**ASSIGNED TASK**. Except for the pictures, output the records in full and exactly.
(INPUT FOR THIS TASK begins)
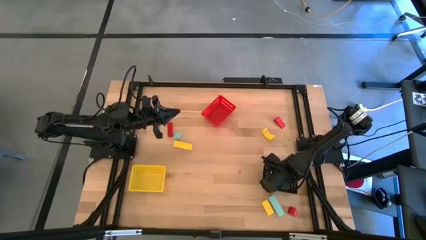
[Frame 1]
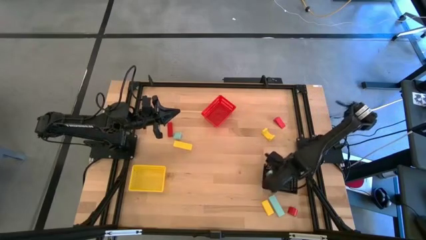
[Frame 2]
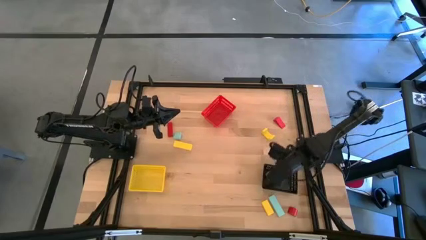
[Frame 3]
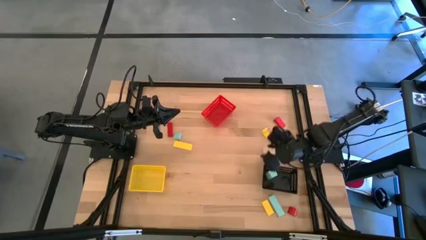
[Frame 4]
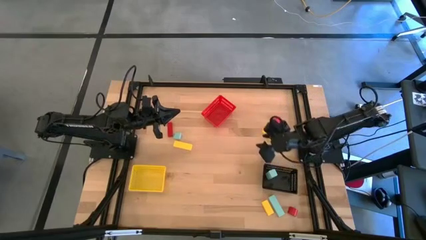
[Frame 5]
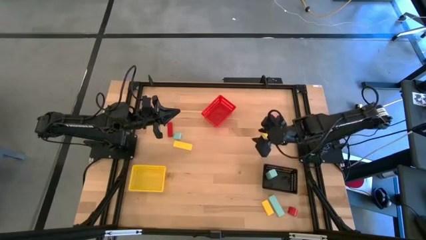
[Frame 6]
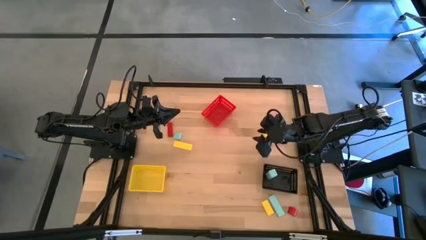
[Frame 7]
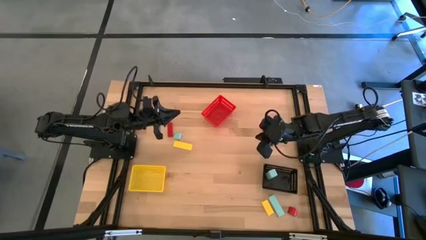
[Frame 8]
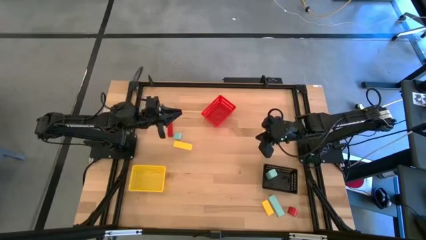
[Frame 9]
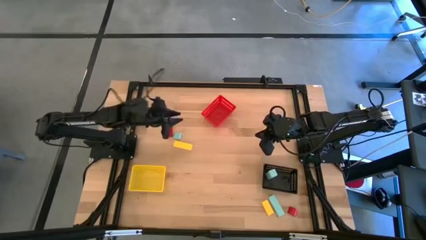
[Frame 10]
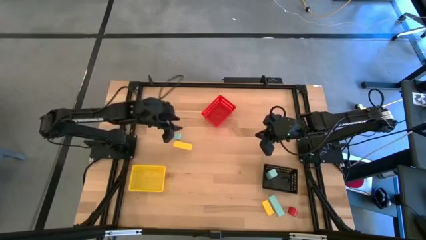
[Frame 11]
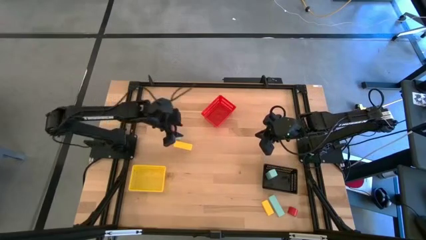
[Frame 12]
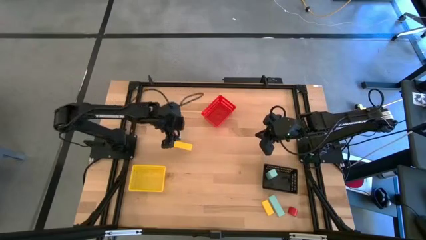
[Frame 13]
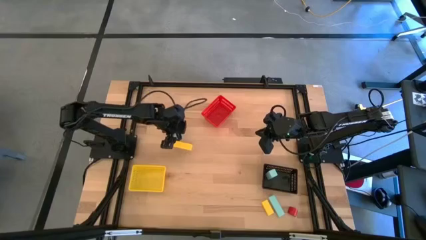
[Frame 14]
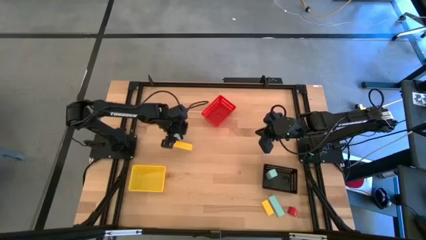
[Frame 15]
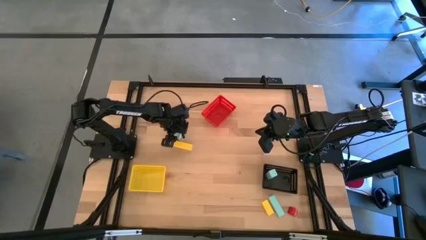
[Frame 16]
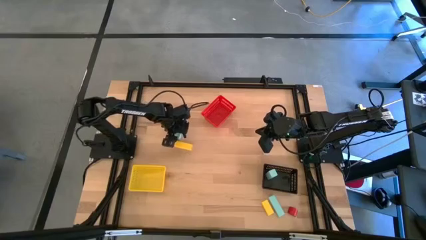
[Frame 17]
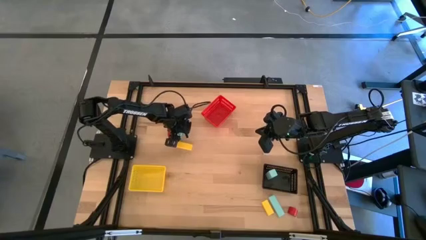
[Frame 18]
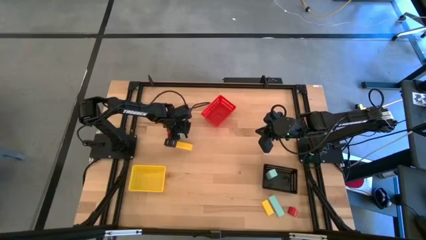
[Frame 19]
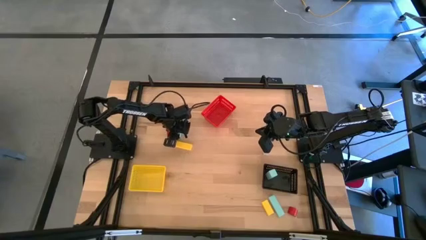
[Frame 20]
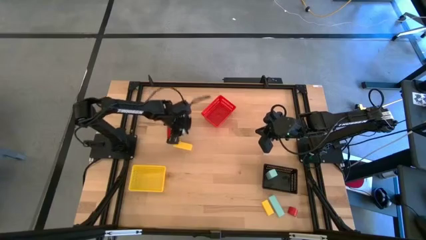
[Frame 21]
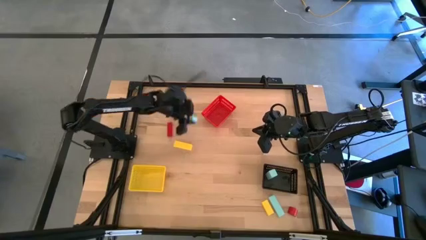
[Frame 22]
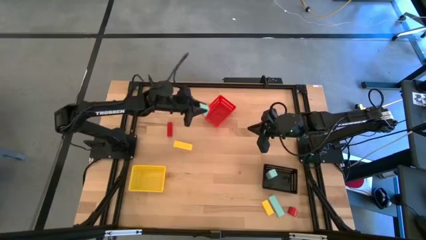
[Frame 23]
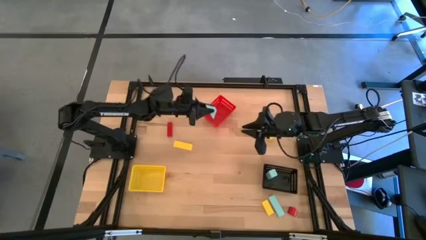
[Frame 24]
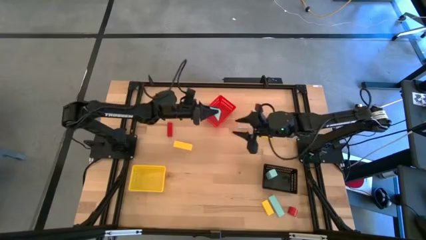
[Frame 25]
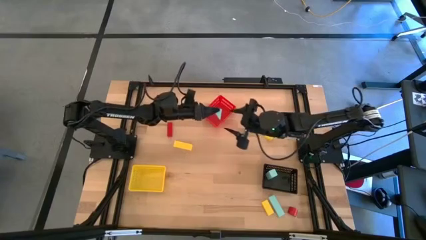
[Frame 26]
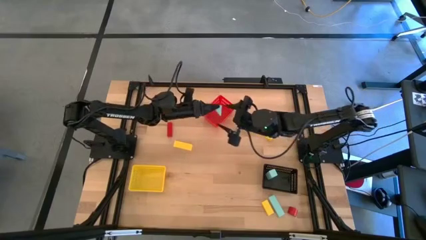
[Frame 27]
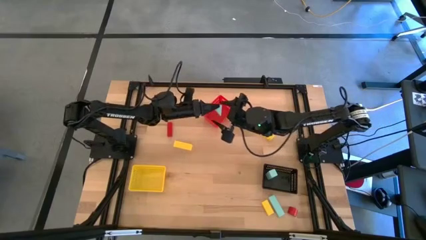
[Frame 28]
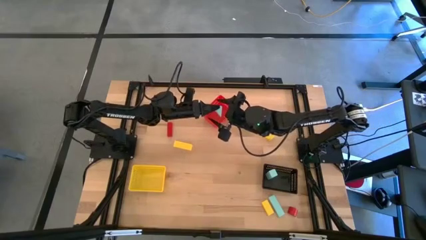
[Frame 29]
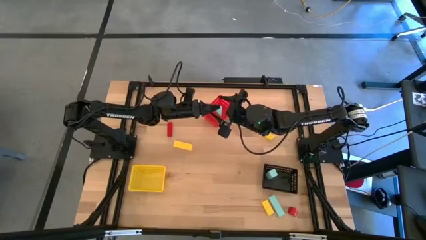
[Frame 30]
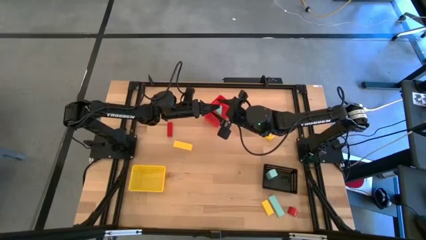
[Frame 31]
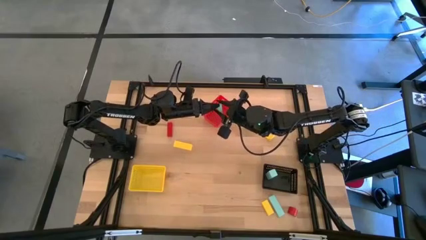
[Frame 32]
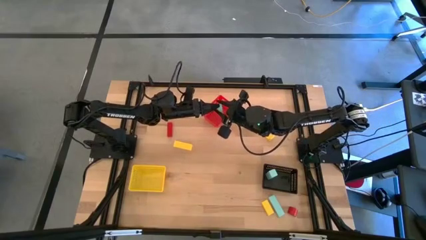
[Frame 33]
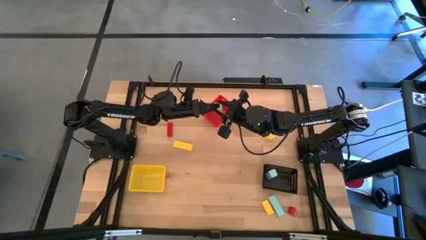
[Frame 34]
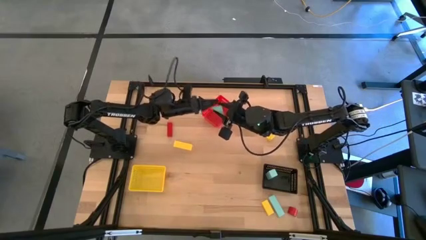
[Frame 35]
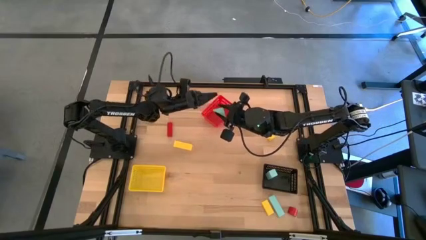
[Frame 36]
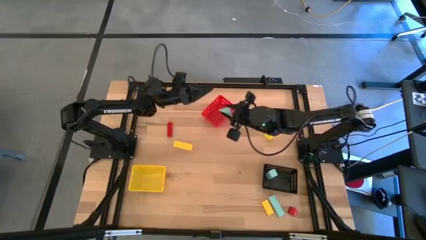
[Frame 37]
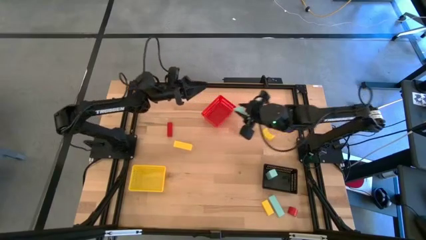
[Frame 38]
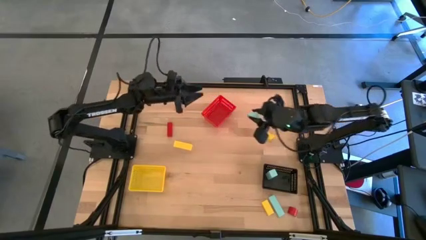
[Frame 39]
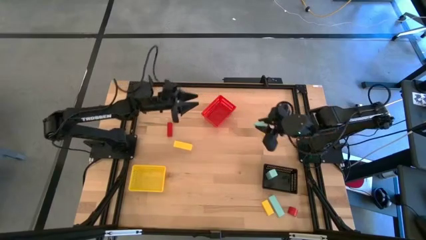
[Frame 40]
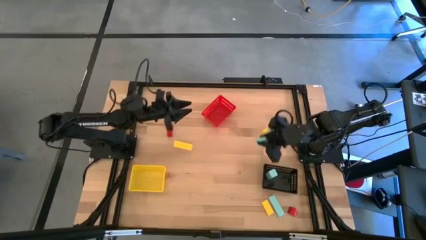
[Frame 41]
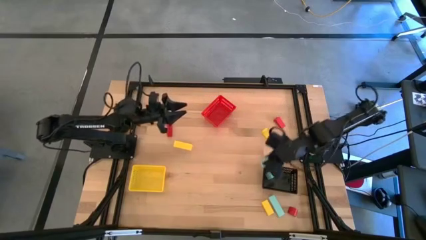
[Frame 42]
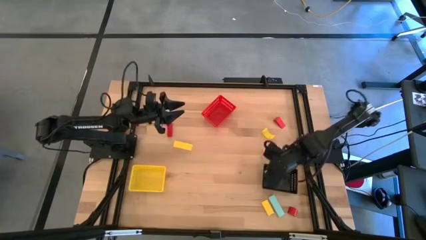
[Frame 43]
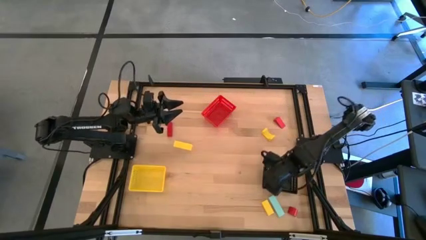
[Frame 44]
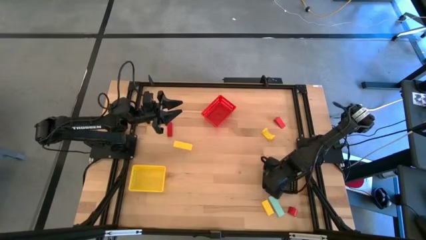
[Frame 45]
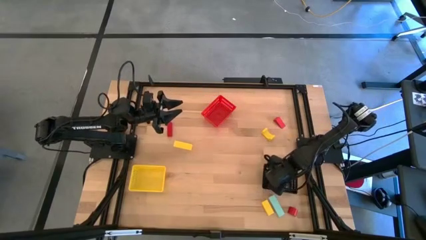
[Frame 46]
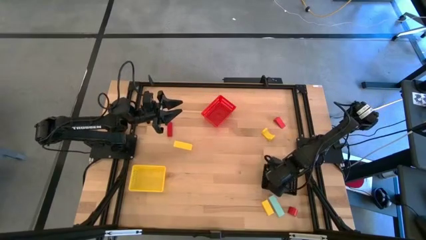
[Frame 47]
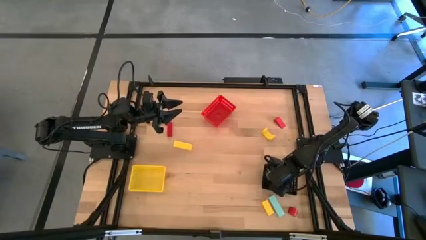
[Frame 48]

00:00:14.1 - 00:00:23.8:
Task: Sort & place blocks by color
Put the top light blue block into the black bin
(INPUT FOR THIS TASK ends)
**OUTPUT**.
[Frame 1]
[Frame 2]
[Frame 3]
[Frame 4]
[Frame 5]
[Frame 6]
[Frame 7]
[Frame 8]
[Frame 9]
[Frame 10]
[Frame 11]
[Frame 12]
[Frame 13]
[Frame 14]
[Frame 15]
[Frame 16]
[Frame 17]
[Frame 18]
[Frame 19]
[Frame 20]
[Frame 21]
[Frame 22]
[Frame 23]
[Frame 24]
[Frame 25]
[Frame 26]
[Frame 27]
[Frame 28]
[Frame 29]
[Frame 30]
[Frame 31]
[Frame 32]
[Frame 33]
[Frame 34]
[Frame 35]
[Frame 36]
[Frame 37]
[Frame 38]
[Frame 39]
[Frame 40]
[Frame 41]
[Frame 42]
[Frame 43]
[Frame 44]
[Frame 45]
[Frame 46]
[Frame 47]
[Frame 48]

00:00:14.1 - 00:00:23.8:
Task: Sort & place blocks by color
Put the top light blue block into the black bin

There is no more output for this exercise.